=== Section Start ===

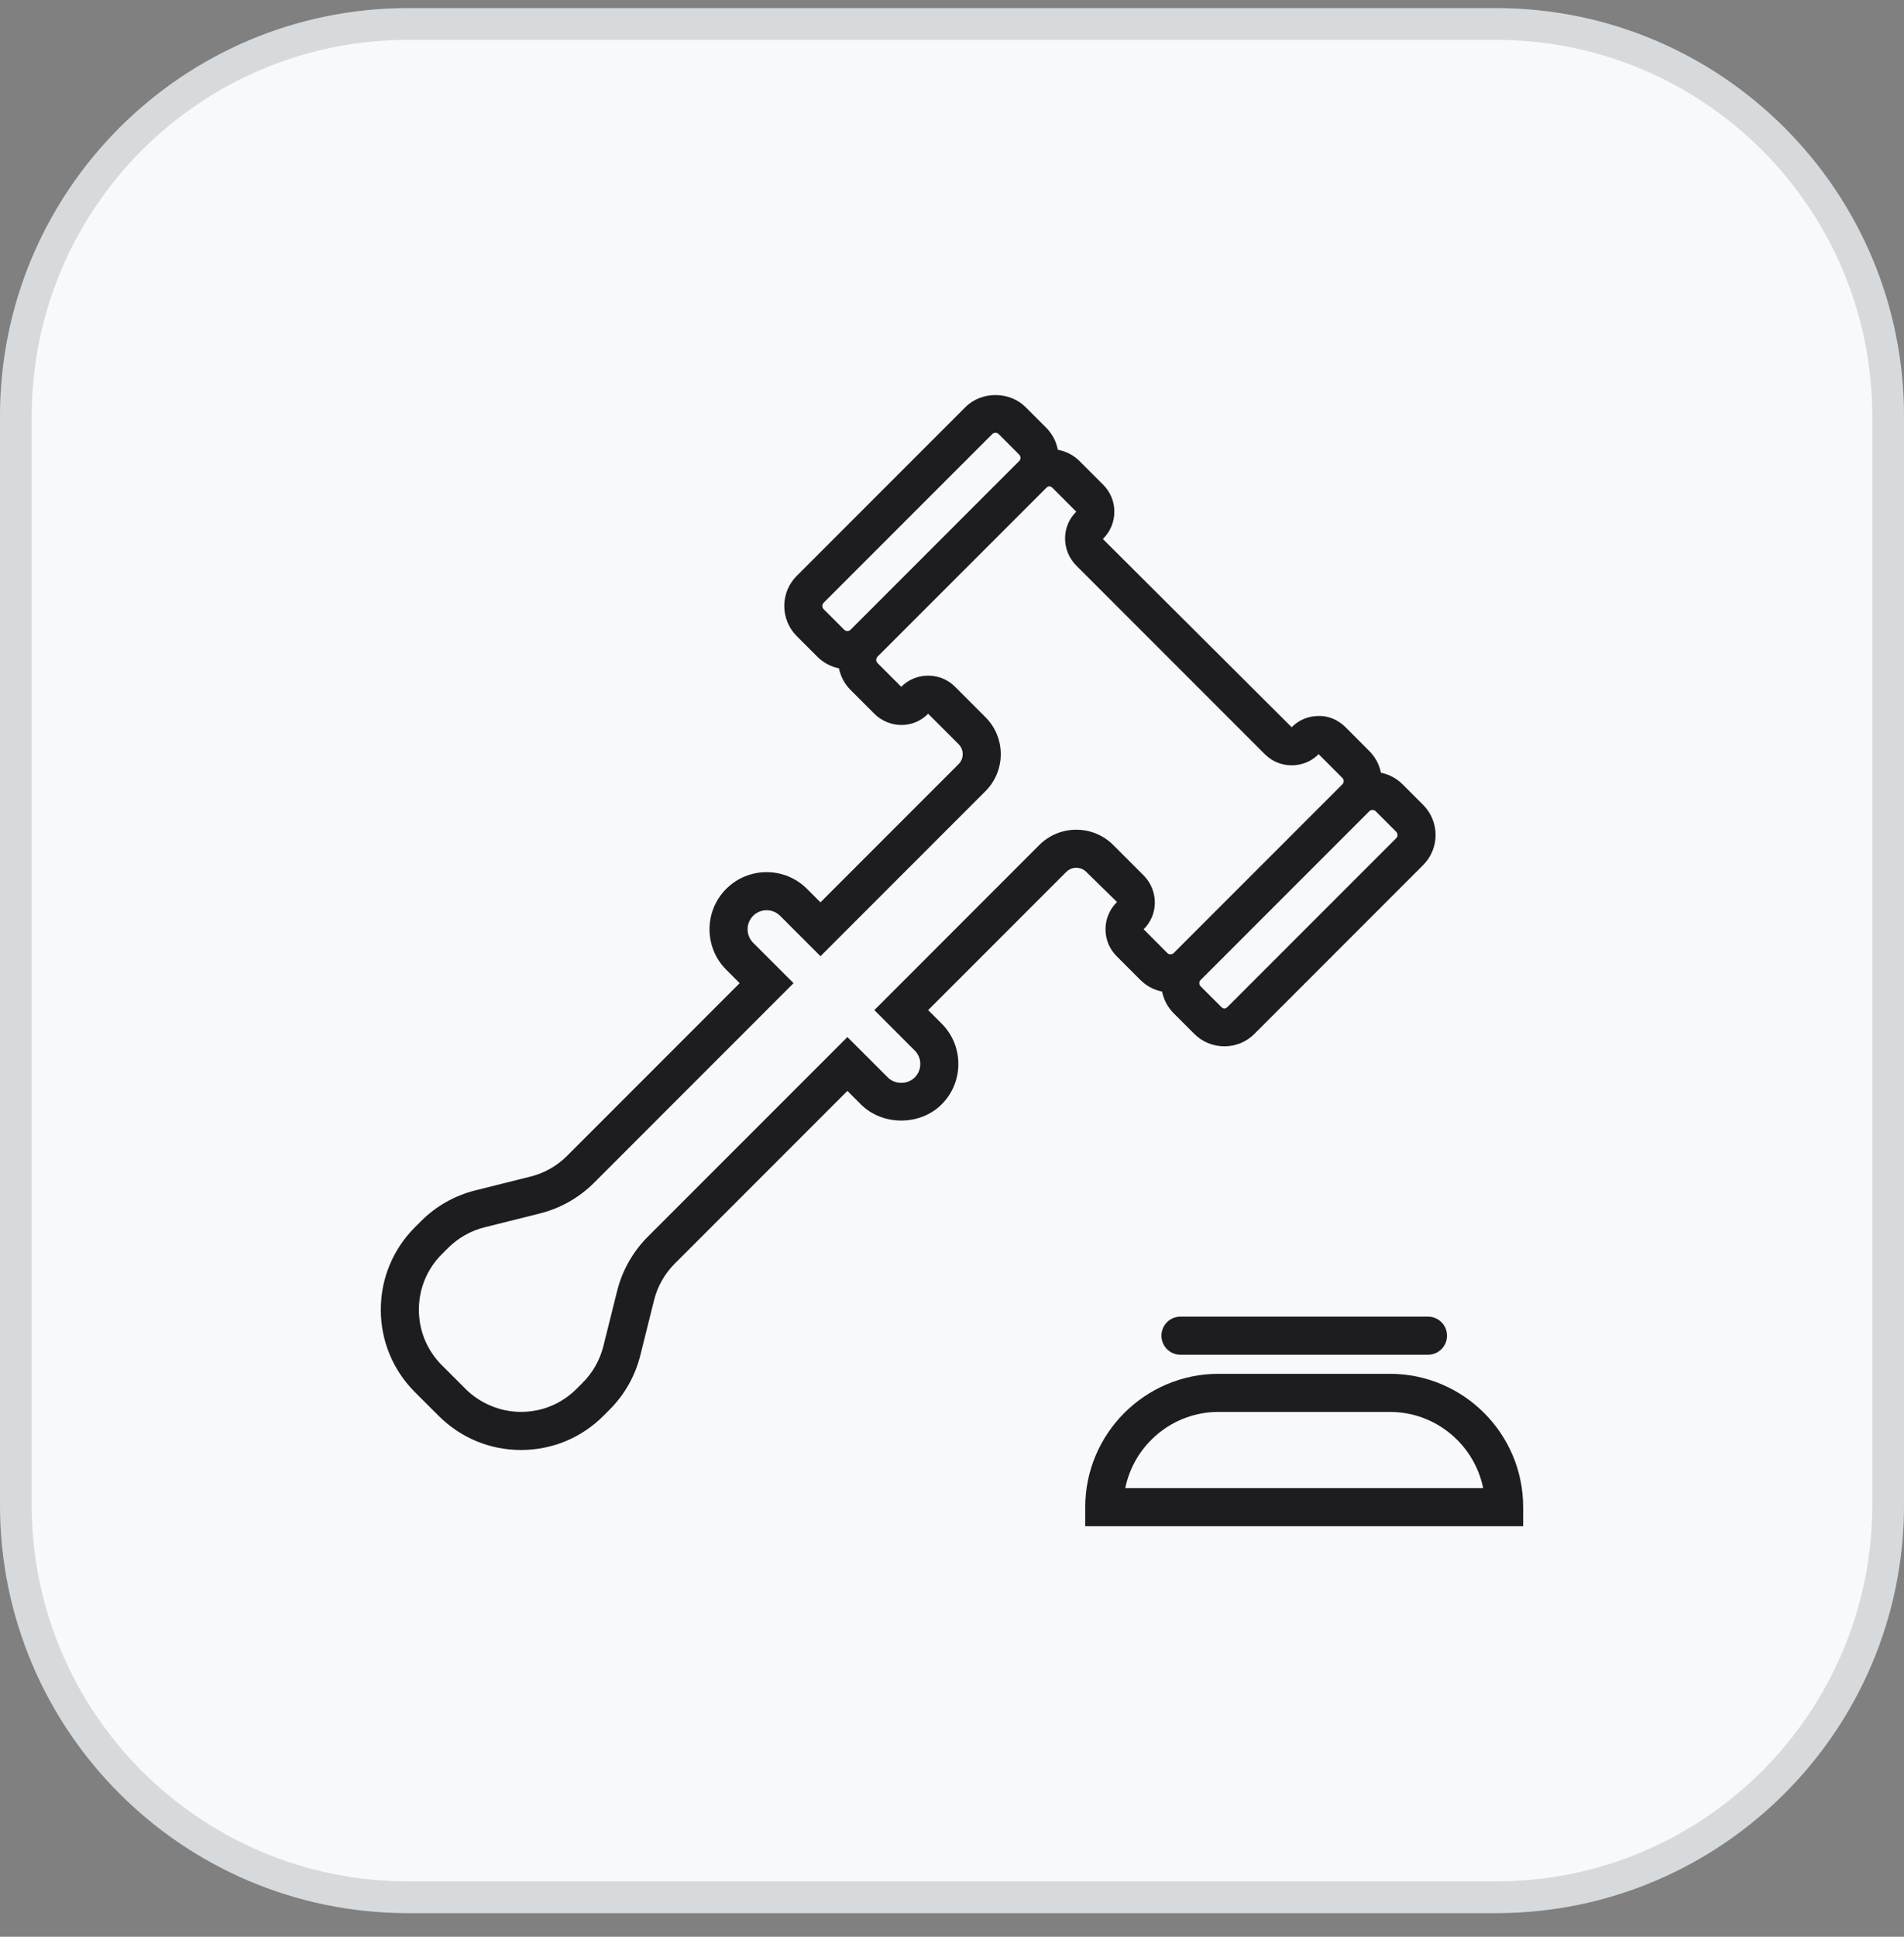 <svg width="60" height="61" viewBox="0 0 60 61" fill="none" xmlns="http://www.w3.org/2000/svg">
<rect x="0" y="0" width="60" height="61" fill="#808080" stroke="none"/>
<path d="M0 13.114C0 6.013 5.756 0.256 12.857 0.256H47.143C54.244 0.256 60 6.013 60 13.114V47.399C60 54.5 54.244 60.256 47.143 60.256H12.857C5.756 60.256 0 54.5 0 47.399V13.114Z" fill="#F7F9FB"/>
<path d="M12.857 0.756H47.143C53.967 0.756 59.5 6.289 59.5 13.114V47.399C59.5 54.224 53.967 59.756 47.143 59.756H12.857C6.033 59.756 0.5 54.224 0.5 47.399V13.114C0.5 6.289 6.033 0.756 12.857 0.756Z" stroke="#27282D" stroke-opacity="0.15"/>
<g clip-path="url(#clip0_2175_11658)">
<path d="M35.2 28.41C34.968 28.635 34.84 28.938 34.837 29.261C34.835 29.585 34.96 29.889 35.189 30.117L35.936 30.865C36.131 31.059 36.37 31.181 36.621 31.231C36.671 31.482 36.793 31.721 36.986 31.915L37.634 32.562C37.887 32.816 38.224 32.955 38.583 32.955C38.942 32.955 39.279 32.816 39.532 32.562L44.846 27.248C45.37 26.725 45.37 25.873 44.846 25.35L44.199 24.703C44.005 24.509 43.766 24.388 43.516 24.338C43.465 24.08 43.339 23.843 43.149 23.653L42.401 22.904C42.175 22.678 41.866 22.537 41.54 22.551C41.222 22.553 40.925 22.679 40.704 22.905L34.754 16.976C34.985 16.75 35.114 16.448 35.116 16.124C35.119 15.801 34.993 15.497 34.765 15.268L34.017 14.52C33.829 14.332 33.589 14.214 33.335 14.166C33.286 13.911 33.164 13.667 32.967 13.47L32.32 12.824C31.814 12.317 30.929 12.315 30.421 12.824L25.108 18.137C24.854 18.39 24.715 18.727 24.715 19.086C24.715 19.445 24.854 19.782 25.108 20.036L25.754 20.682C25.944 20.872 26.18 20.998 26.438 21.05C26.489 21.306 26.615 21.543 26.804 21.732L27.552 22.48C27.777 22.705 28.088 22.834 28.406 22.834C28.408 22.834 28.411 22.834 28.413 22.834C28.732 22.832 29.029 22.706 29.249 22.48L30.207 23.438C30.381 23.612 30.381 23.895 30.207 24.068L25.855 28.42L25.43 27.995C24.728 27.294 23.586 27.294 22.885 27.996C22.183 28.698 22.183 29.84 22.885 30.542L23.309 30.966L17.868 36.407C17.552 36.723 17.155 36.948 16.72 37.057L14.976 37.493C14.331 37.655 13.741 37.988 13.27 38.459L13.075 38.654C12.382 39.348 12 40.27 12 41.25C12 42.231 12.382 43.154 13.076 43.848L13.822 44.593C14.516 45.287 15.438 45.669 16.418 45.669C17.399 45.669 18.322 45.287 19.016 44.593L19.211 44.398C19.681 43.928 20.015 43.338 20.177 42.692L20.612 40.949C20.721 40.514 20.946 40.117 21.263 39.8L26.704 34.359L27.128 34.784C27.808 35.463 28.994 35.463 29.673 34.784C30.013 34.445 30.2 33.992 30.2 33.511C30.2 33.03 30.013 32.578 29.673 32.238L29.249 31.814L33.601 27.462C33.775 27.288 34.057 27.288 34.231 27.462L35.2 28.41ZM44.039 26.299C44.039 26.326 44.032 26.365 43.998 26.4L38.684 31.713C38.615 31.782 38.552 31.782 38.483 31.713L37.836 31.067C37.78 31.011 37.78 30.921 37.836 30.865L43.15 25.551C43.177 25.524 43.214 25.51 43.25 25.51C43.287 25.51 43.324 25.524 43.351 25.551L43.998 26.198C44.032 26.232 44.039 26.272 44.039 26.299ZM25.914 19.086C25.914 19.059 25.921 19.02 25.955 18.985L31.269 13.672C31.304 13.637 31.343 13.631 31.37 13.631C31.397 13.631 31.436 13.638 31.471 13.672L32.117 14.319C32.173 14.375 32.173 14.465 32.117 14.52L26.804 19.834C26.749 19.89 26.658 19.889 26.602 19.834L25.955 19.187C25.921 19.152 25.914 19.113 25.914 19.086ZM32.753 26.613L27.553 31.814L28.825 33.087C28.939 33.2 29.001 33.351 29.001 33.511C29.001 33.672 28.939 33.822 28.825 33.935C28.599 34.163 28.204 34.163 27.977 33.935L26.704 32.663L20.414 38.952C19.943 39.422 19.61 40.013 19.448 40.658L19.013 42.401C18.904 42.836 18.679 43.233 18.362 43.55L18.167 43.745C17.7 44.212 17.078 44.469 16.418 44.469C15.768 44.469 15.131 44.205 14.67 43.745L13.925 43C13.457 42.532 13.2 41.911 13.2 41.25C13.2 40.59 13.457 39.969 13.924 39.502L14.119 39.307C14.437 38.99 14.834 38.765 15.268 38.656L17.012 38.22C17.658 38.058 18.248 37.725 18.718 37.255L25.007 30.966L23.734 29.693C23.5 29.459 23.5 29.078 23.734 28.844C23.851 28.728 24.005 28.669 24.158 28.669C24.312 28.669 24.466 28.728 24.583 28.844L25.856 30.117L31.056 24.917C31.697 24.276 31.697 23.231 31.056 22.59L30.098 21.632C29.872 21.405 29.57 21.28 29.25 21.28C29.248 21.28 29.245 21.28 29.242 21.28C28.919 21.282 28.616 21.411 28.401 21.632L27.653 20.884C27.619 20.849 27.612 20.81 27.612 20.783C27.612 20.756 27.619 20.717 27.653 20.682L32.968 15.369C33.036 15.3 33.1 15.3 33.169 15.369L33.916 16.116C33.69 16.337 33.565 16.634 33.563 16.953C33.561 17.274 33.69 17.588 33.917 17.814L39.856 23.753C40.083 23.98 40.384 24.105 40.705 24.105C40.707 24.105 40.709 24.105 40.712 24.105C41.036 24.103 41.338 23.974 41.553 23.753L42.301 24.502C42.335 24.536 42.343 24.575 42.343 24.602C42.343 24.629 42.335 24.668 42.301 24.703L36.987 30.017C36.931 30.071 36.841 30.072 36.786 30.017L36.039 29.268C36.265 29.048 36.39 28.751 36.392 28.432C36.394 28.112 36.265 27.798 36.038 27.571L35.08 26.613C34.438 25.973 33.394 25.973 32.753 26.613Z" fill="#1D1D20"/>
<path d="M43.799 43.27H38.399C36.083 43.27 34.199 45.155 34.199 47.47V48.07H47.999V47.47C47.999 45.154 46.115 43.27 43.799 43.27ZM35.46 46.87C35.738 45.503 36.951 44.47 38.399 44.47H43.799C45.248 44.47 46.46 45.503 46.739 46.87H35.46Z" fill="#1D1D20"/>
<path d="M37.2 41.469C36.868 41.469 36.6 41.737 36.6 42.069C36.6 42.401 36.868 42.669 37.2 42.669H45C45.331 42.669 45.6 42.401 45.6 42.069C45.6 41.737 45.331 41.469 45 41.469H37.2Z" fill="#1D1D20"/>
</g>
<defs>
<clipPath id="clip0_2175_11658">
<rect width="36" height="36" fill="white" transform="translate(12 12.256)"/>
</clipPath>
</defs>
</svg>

=== Section End ===

• [Task item]: All lines that hold the word "stroke" should be copied from the data.

• [Output for this task]:
<rect x="0" y="0" width="60" height="61" fill="#808080" stroke="none"/>
<path d="M12.857 0.756H47.143C53.967 0.756 59.5 6.289 59.5 13.114V47.399C59.5 54.224 53.967 59.756 47.143 59.756H12.857C6.033 59.756 0.5 54.224 0.5 47.399V13.114C0.5 6.289 6.033 0.756 12.857 0.756Z" stroke="#27282D" stroke-opacity="0.15"/>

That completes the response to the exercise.